Tuesday, September 19, 2006

better put a patent on it

(by tom stoppard)

AEH. If only an army should be made up of lovers and their loves! - that's not me, that's Plato...'although a mere handful, they would overcome the world, for each would rather die a thousand deaths than be seen by his beloved to abandon his post or throw away his arms, the veriest coward would be inspired by love.' ...But there was such an army, a hundred and fifty pairs of lovers...At the end of that day, says Plutarch, the victorious Philip of Macedon went forth to view the slain, and when he came to that place where the three hundred fought and lay dead together, he wondered, and understanding that it was the band of lovers, he shed tears and said, whoever suspects baseness in anything these men did, let him perish.

HOUSMAN. I would be such a friend to someone.

AEH. To dream of taking the sword in the breast, the bullet in the brain -

HOUSMAN. I would.

AEH. - and wake up to find the world goes wretchedly on and you will die of age and not of pain....Lay down your life like a pack on the roadside though your days of march are numbered and end with the grave.

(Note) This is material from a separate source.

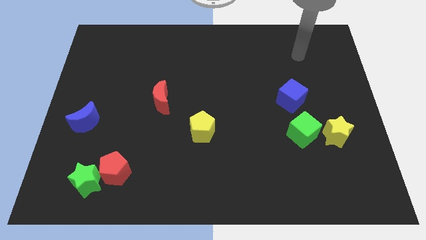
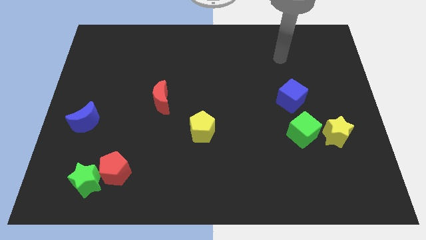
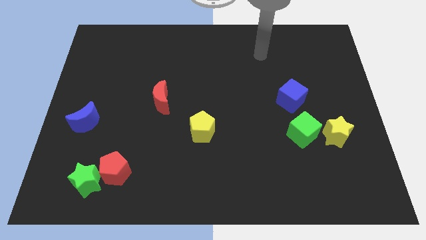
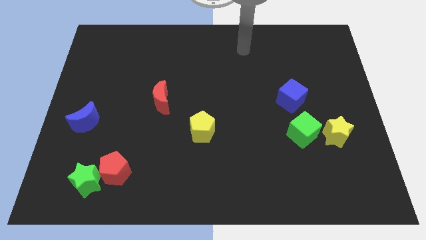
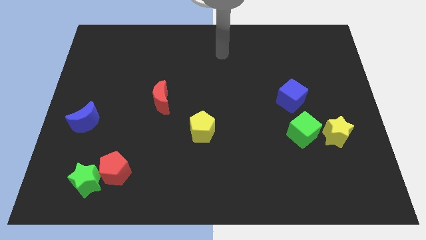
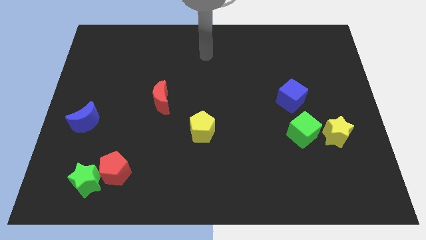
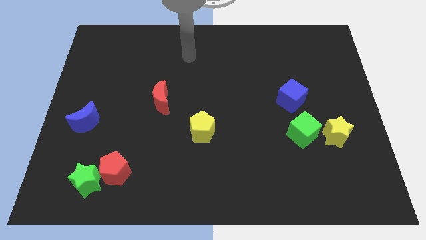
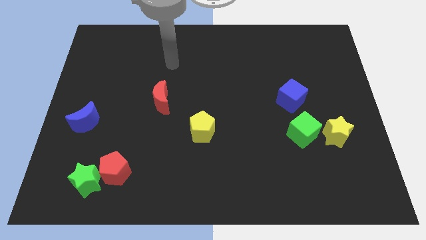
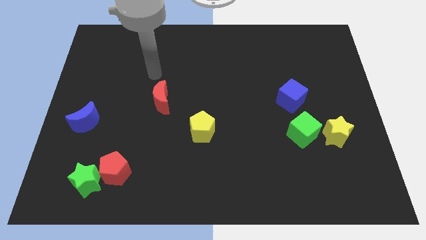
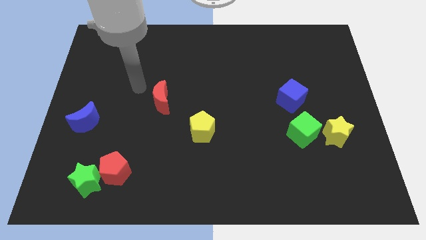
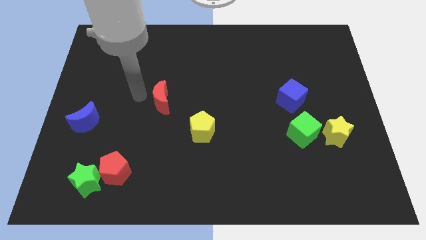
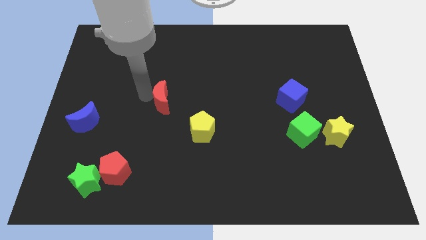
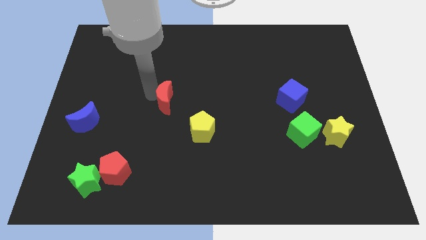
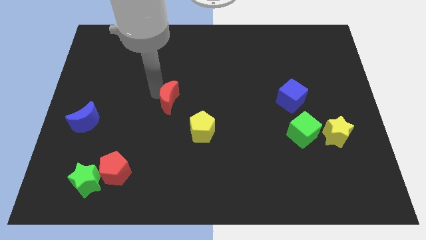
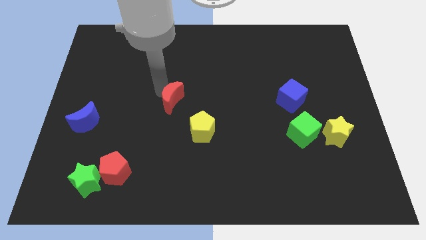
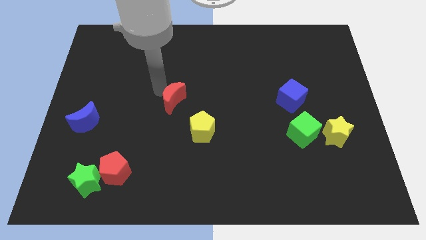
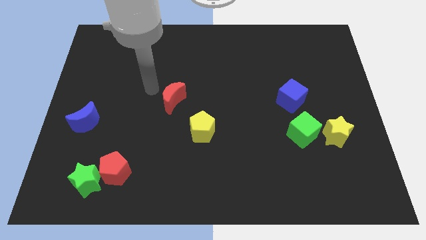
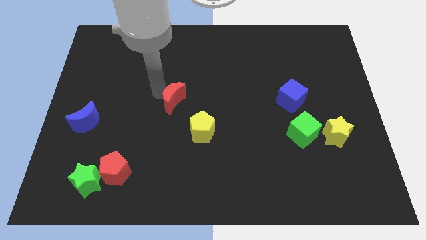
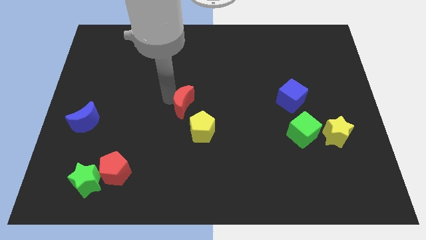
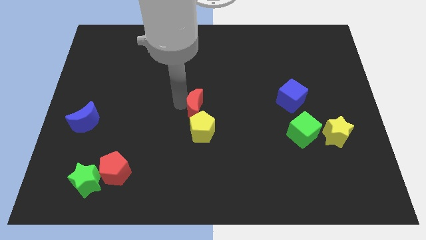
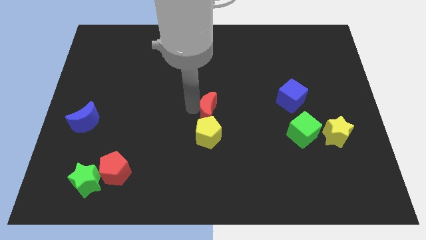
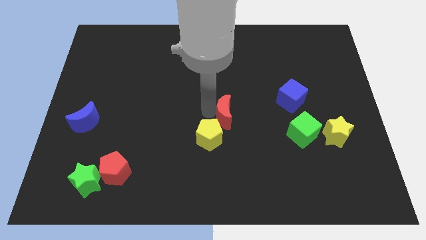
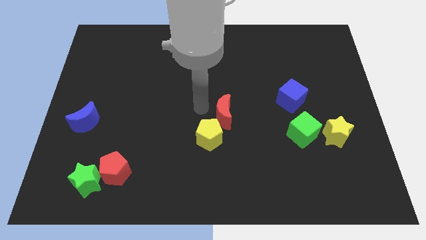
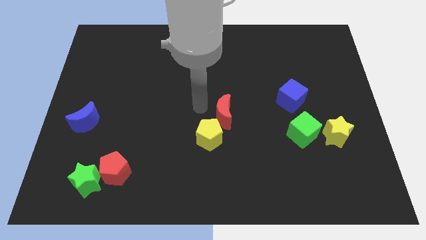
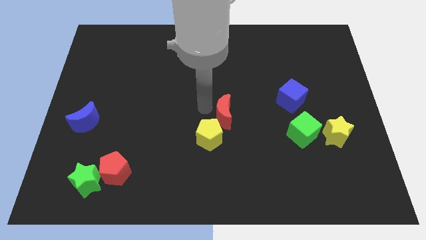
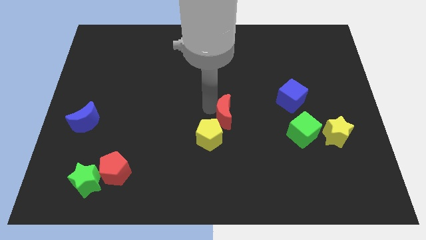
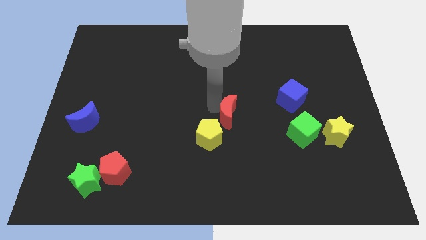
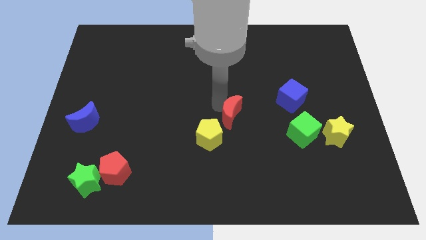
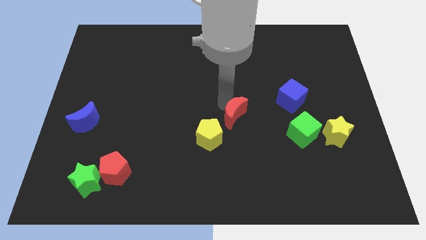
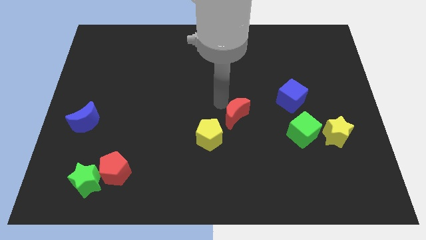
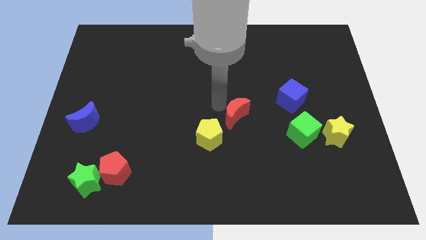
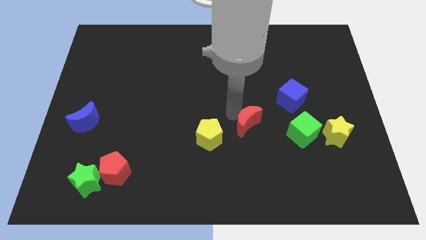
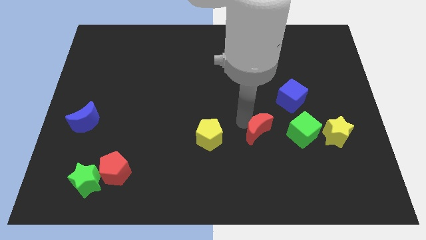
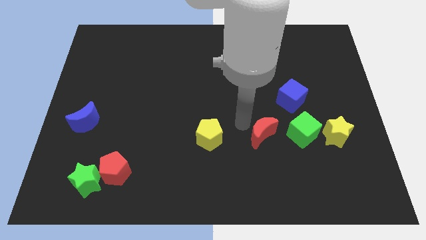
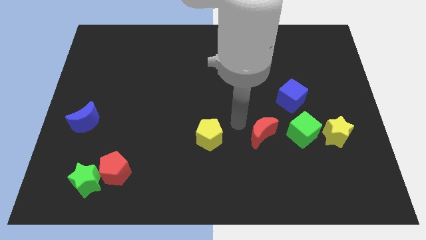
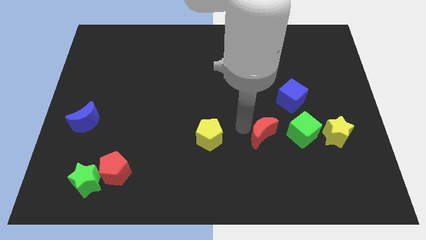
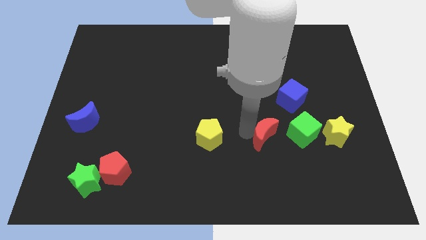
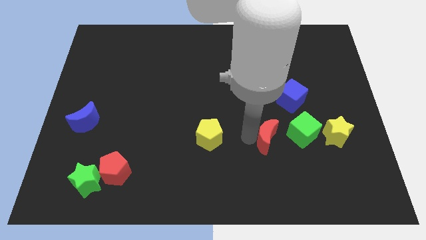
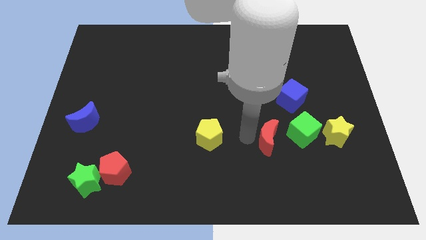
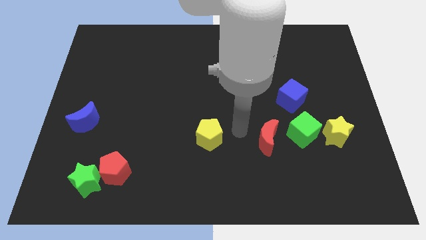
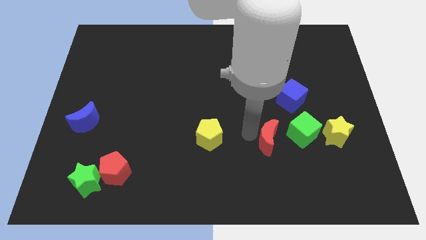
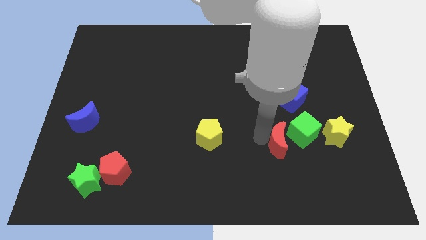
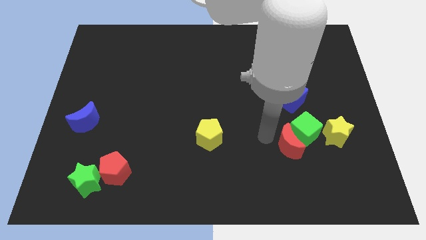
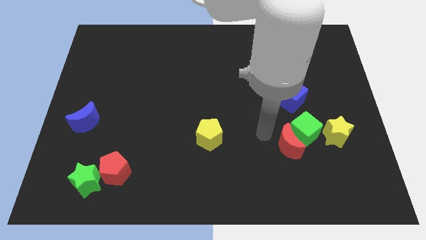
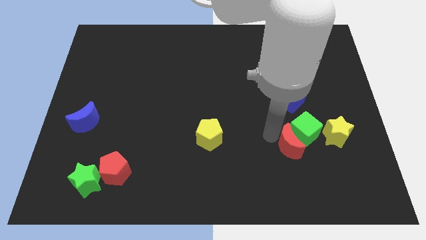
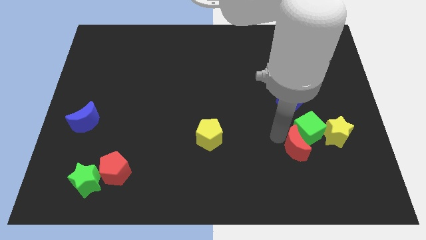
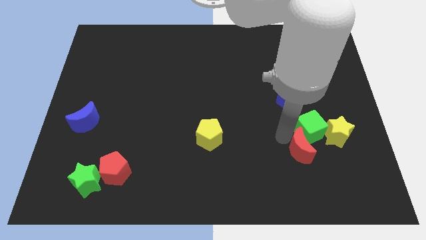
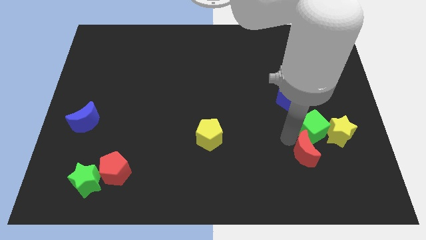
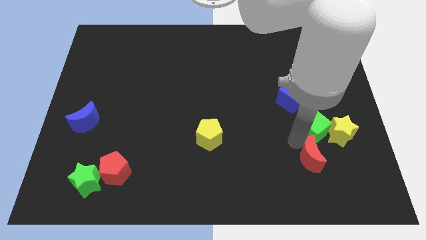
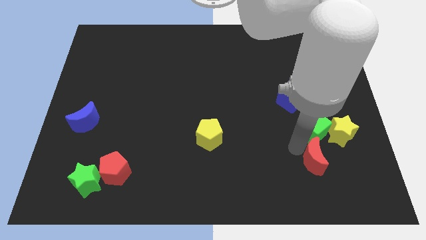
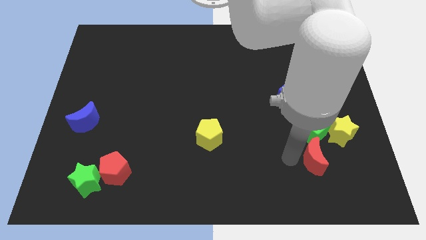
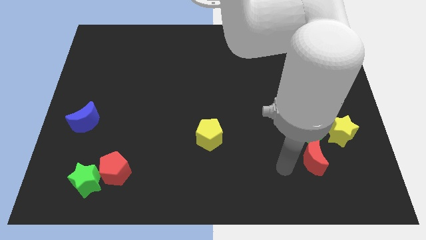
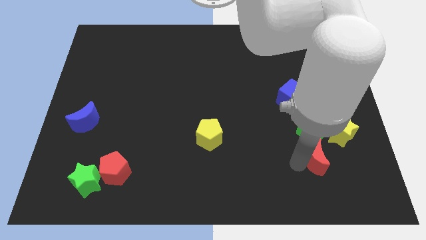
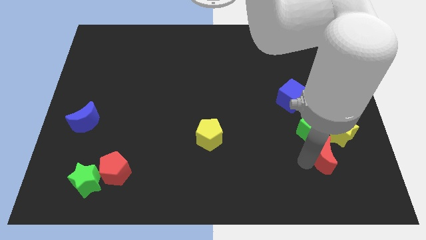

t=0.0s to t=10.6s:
put the red moon diagonally down and to the right of the green cube

Love will not be deflected from its micheif by being called comradeship or anything else.

HOUSMAN. I don't know what love is.

AEH. Oh, but you do. In the Dark Ages, in Macedonia, in the last guttering light from classical antiquity, a man copied out bits from old books for his young son, whose name was Septimius; so we have one sentence from "The Loves of Achilles." Love, said Sophocles, is like the ice held in the hand by children. A piece of ice held fast in the fist. I would I could help you, but it's not in my gift.

HOUSMAN. Love it is, then, and I will make the best of it.